3. rating - rating out of 10 this user has assigned (-1 if the user watched it but didn't assign a rating).




# Importing Libraries 📗


In [2]:
import numpy as np 
import pandas as pd 
import scipy as sp


from sklearn.metrics.pairwise import cosine_similarity


# Data Processing And Data Analysis 🕵️

In [3]:
anime_path='../input/anime-recommendations-database/anime.csv'
ratings_path='../input/anime-recommendations-database/rating.csv'

In [4]:
anime_df=pd.read_csv(anime_path)
anime_df.head()

In [5]:
rating_df=pd.read_csv(ratings_path)
rating_df.head()

### Data Info

In [6]:
print("Anime Set(Row,Col)")
anime_df.shape


In [7]:
print("Rating Set(Row,Col)")
rating_df.shape

In [8]:
print("Anime Set Info")
anime_df.info()

In [9]:
print("Rating Set Info")
rating_df.info()

#### All the data types of each column in both data sets are consistent, so no need to format the data types.

## Processing Missing Data

In [10]:
print("Anime Set Missing Values")
anime_df.isnull().sum()

In [11]:
print("Rating Set Missing Values")
rating_df.isnull().sum()

#### Here there is no missing values in Rating Data, hence we need to handle Anime Data.

#### In this data sets, the data is reliable expect missing data.

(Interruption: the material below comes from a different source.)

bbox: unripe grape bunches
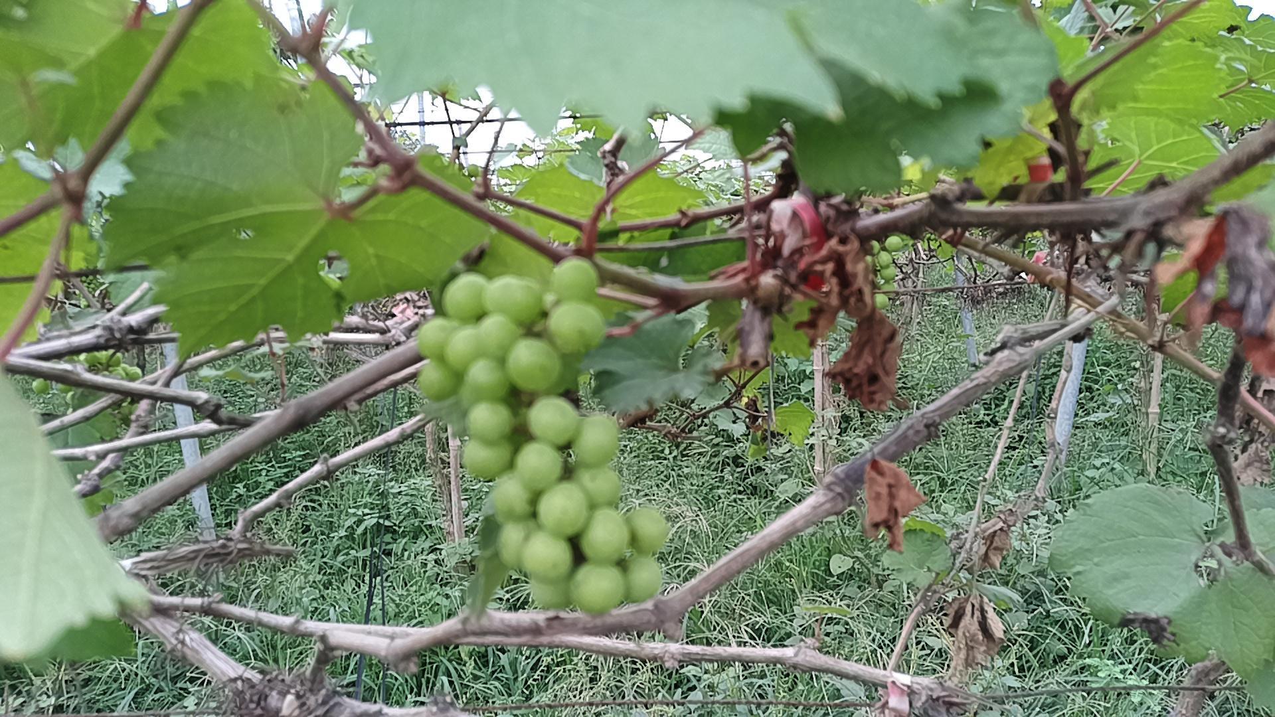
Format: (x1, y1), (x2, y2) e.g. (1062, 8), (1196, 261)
(864, 235), (903, 310)
(416, 256), (665, 617)

After fixing the missing values we can proceed to next step  

In [18]:
print(anime_df['type'].mode())
print(anime_df['genre'].mode())

![one-punch-man-anime.gif](attachment:7ee94cd5-551c-4ac9-aac4-dab9af8be4c6.gif)

#### The Mode Value of genre is Hentai 🌝 and of type is TV 

In [19]:
#deleting anime with missing ratings
anime_df=anime_df[~np.isnan(anime_df['rating'])]

#filling Mode values for genre and type columns
anime_df['genre'] = anime_df['genre'].fillna(
anime_df['genre'].dropna().mode().values[0])

anime_df['type'] = anime_df['type'].fillna(
anime_df['type'].dropna().mode().values[0])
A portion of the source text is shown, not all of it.